“É racismo inercial: negros jogam futebol, mas não são vistos como
capazes de ‘pensar futebol”, define Hélio Santos
por Pedro Borges
no The Intercept – Sociedade e Racismo
Foto https://www.almapreta.com/
Brasil,
Marrocos, Irã, Nigéria, Costa Rica, Egito… Ainda que boa parte dos
jogadores desses times passe longe do padrão branco europeu, quase todos os
treinadores das 32 seleções que chegaram à Rússia para disputar a Copa do Mundo
são brancos. E há apenas um treinador negro: Aliou Cissé, que comanda a equipe
senegalesa.
Se dentro
do campo as estrelas, com frequência, não têm cabelos louros e olhos claros, do
lado de fora é difícil encontrar quem fuja desse padrão.

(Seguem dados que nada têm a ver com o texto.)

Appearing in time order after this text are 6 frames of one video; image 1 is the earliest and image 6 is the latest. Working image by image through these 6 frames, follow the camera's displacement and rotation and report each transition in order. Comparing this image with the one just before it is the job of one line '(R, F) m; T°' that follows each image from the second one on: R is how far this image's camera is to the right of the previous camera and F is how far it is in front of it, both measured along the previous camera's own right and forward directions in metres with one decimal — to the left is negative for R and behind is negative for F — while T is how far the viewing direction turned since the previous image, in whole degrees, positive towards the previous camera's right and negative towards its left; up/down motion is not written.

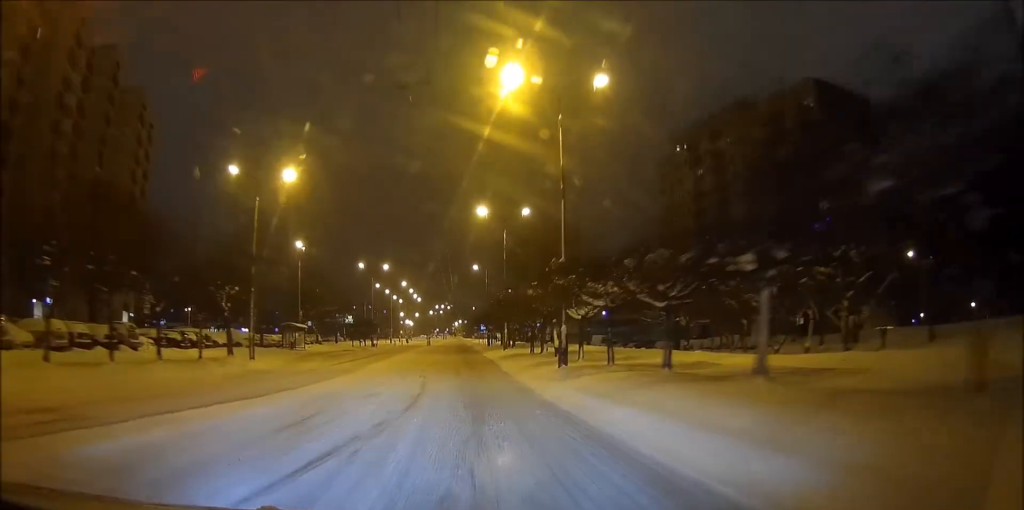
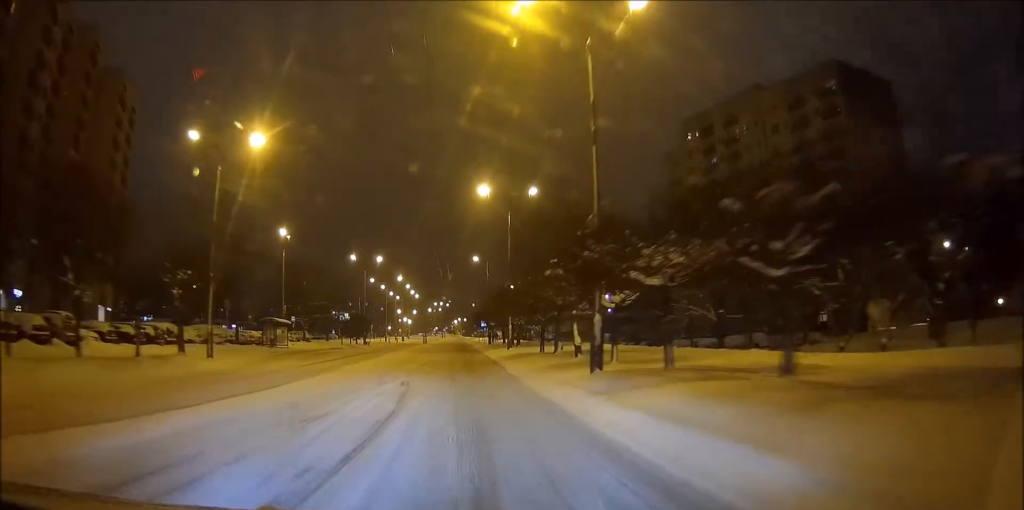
(0.0, +6.8) m; 0°
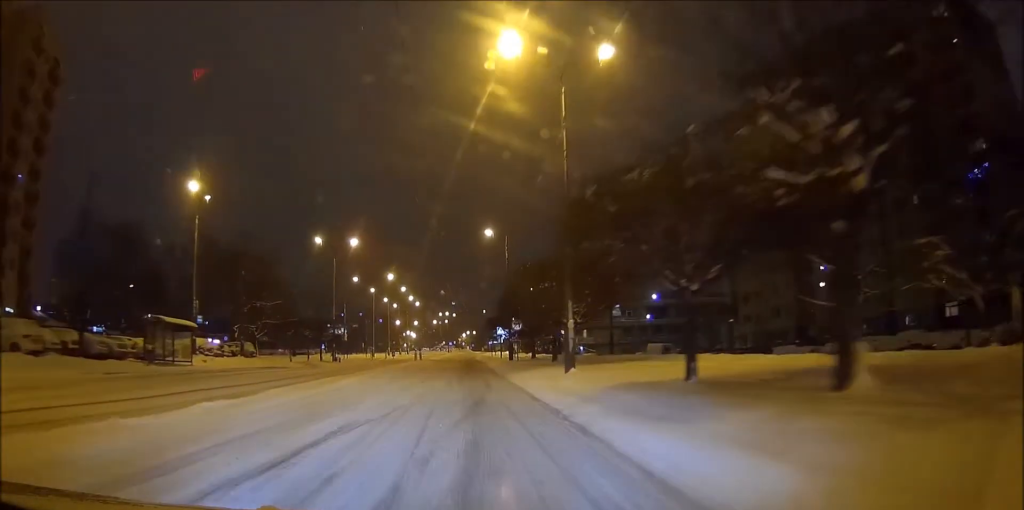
(+0.1, +25.9) m; -1°
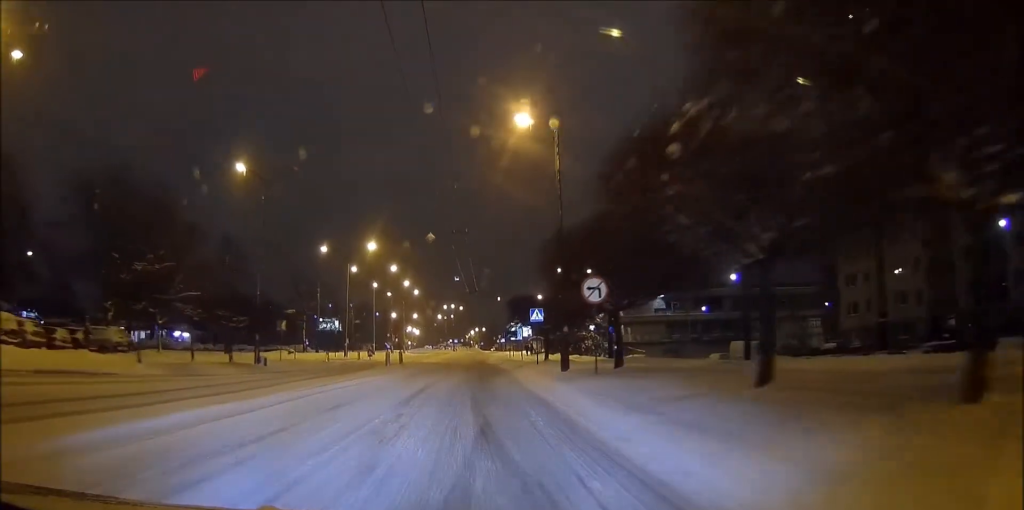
(-0.2, +26.6) m; 0°
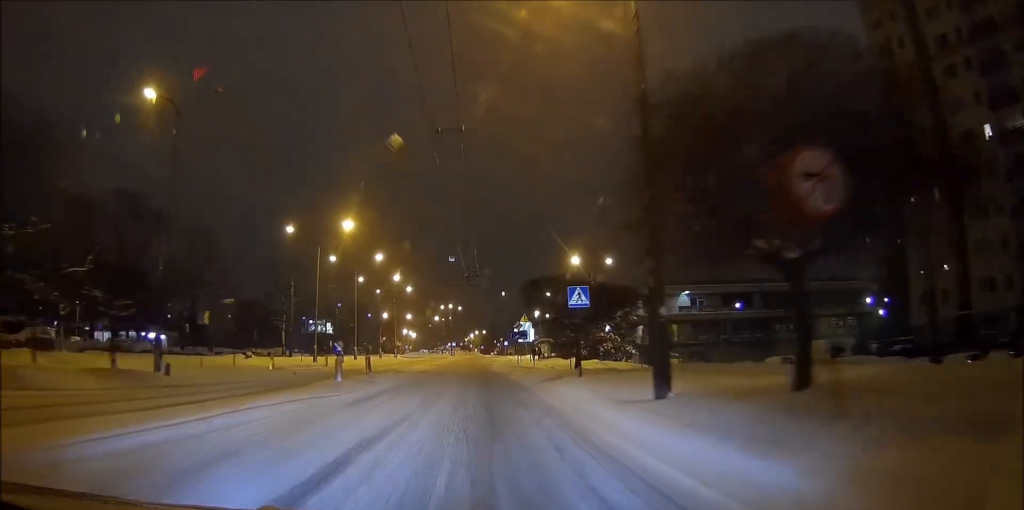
(+0.2, +13.4) m; +1°
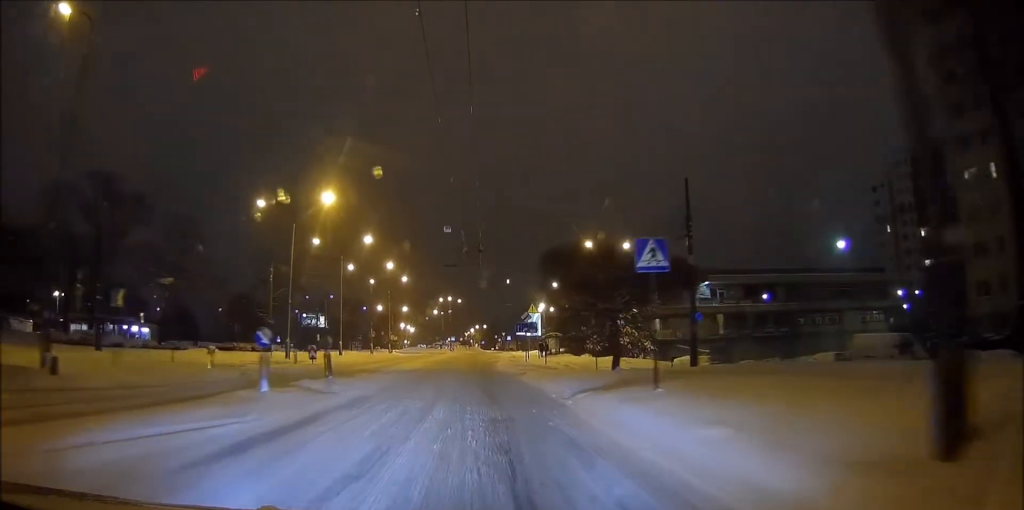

Junto ao Senegal, só a
Tunísia, comandada por um árabe, Coreia do Sul e Japão, dirigidas por
asiáticos, ameaçam o padrão europeu.
Ex-jogador
e capitão da equipe que levou o Senegal às quartas na Copa de 2002, Cissé é
também o técnico com o menor salário anual de todos os 32 times que disputam a
Copa na Rússia.
Foto https://www.almapreta.com/ - Cissé
De acordo
com uma reportagem do canal de TV holandês “Zoomin”, reproduzida pela BBC
África, ele aparece em último na lista que tem o alemão Joachim Löw em
primeiro lugar, seguido por Tite. Enquanto Cissé recebe cerca de R$ 850 mil por
ano, o treinador da seleção brasileira ganha 16 vezes mais — cerca de R$ 14,5
milhões.
No
futebol, diz o professor e pesquisador da Unicamp, Osmar de Souza Jr, acaba
prevalecendo a mesma lógica “patrão/peão” do mundo empresarial, onde quem
manda, quase sempre, é branco.
Um dos
precursores da política de cotas no Brasil e presidente do Instituto Brasileiro
de Diversidade, Hélio Santos, diz que a falta de treinadores negros vai além da
qualificação, já que “os treinadores, [geralmente ex-jogadores] brancos não são
‘intelectuais’ do futebol”.
Acaba prevalecendo a mesma lógica
“patrão/peão” do mundo empresarial em que quem manda, quase sempre, é branco.
Treinar
equipes, diz Santos, sugere ‘racionalizar’ técnicas futebolísticas, e é nessa
racionalização que entra o racismo. “Infere-se que para treinar há que pensar e
refletir. Tudo aponta para uma síndrome racista que não vê o negro nessa
posição, mesmo sendo ele exímio craque”.
A própria
história da Seleção Brasileira é um exemplo dessa lógica. Mesmo com craques
como Pelé, Garrincha e Romário, o time, hoje comandado por Tite, gaúcho e de
origem italiana, nunca foi à Copa tendo um negro à frente da equipe. Em
amistosos ou competições de menor relevância, o Brasil só teve um treinador negro
em seis oportunidades.
“Negros jogam futebol, mas não
são vistos como capazes de ‘pensar futebol.”
A
primeira, em 1959, quando o pernambucano Gentil Cardoso fez um combinado das
equipes locais para disputar o Sul-americano. Foram cinco jogos, um terceiro
lugar, e uma demissão depois de 23 dias. Até o fim da vida, Gentil dizia que
não teve mais espaço na seleção porque era preto.
A última
vez foi há 26 anos, quando Ernesto de Paulo comandou o Brasil contra País de
Gales, de forma interina, depois da saída de Paulo Roberto Falcão.
“É
racismo inercial: negros jogam futebol, mas não são vistos como capazes de
‘pensar futebol”, define Hélio Santos.